叫狗子的漢子聽了就一個勁兒地垂頭痛哭,他娘要殺他媳婦,就為了銀子。
可那是他娘啊,他當兒子的能拿他怎麼辦?
老太太這頭交代了,那頭那些個挑頭鬧事兒的潑皮也挨了十多板子,好幾個都已經昏了過去。
林晚秋的人是下重手在打,一點都不怕把人給打死了。
衝撞貴人杖責五十,有法可依,有律可查。
“停下。”林晚秋抬手製止了侍衛們,然後示意他們:“挑兩個弄醒。”
“是,夫人。

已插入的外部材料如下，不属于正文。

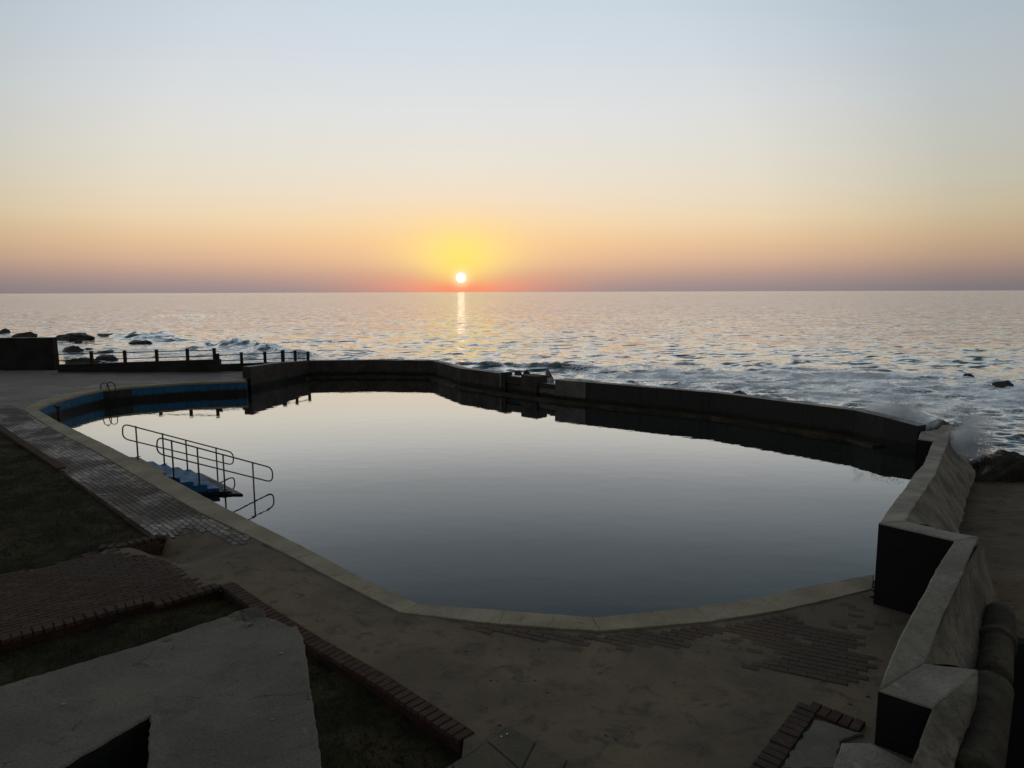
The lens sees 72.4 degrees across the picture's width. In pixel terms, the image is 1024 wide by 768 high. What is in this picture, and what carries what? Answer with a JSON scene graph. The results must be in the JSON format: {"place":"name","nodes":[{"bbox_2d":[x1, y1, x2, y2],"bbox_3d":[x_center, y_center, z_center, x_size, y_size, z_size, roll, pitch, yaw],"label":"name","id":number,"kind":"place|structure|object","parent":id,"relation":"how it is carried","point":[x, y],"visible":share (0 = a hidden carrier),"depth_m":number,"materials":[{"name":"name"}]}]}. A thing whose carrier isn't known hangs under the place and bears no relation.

”
很快就有人去弄了兩桶涼水兜頭將兩人潑醒,塞在嘴裏的布團也被扯了出來。
“夫人饒命,是黃皮子,黃皮子給我五十兩銀子,讓我來起哄的……”
“對對對,我也是黃皮子找我的,草他娘的,他才給了我二十兩銀子……”
跟老太婆一樣,他們根本就不用林晚秋問便將事情給禿嚕了出來。
“把他們都弄醒!”
“是!”
所有人都弄醒之後,交代了幾個人,但最終看來,叫黃皮子的人是張羅這些人的主謀,其他幾個都十分二道販子、三道販子,從黃皮子那裏領錢,自己又去找人。
總之他們就一個目的,來將杏林醫館的名聲搞臭。
這個時候,林晚秋才讓陳釗將人帶走。
圍觀的群眾也不知從哪兒搞來的爛菜葉子臭雞蛋,紛紛砸向這些人。
“打死他們!”
“臭不要臉的,那個豬狗子,老子瞧見他來擠過義診,沒良心的東西,畜生玩意兒就該打死!”
“他們把杏林醫館搞垮了,咱們以後上哪兒看病去?”
“就是,杏林醫館不但醫術好,藥便宜,每月還義診兩天,這樣的醫館上哪兒找去?”
“這些禍害就該弄死他們!”
“還有這個老虔婆,打死她!自己害了兒媳的命還來栽贓杏林醫館!”
“弄死這個老虔婆!”
老夫人被招呼得最多,被打得鼻青臉腫不說,鼻子嘴角都在流血,狼狽極了。
但她的幾個兒子根本就不敢上前去護著她,一個一比一個還跑得快,生怕慢了會殃及到他們自己。
至於那個叫狗子的漢子,還蹲醫館門口哭呢,引來大家會兒的一頓同情,這是攤上個啥親娘喔!
林晚秋沒興趣看熱鬧,這件事兒出了也是好事情,至少說往後再來醫鬧的時候有這件事例擺著,不但醫館的人知道該如何去處理應對,二來老百姓心裏也會多想一成,是不是又是來栽贓陷害的。
“嫂子,為什麼不扣住他們?”回到醫館的休息室,鴻博進來了就問她。
林晚秋搖頭:“咱們沒有權利審案,審案是官府的事情,你看我整個過程除了詐一詐那個老婦,然後就直接讓人開打,根本就沒有多問一句。
你大哥和我現在的身份不同,如果我們敢越俎代庖幹涉地方官的事兒,立刻就會被人傳到皇帝耳邊,並扣上個把持地方的罪名。”
鴻博聞言若有所思地道:“我明白了。”
林晚秋笑著看他:“鴻博,你今天處理得不錯,對付這種人就不能聽他們一直說,否則你身上就是有一百張嘴都說不過他們。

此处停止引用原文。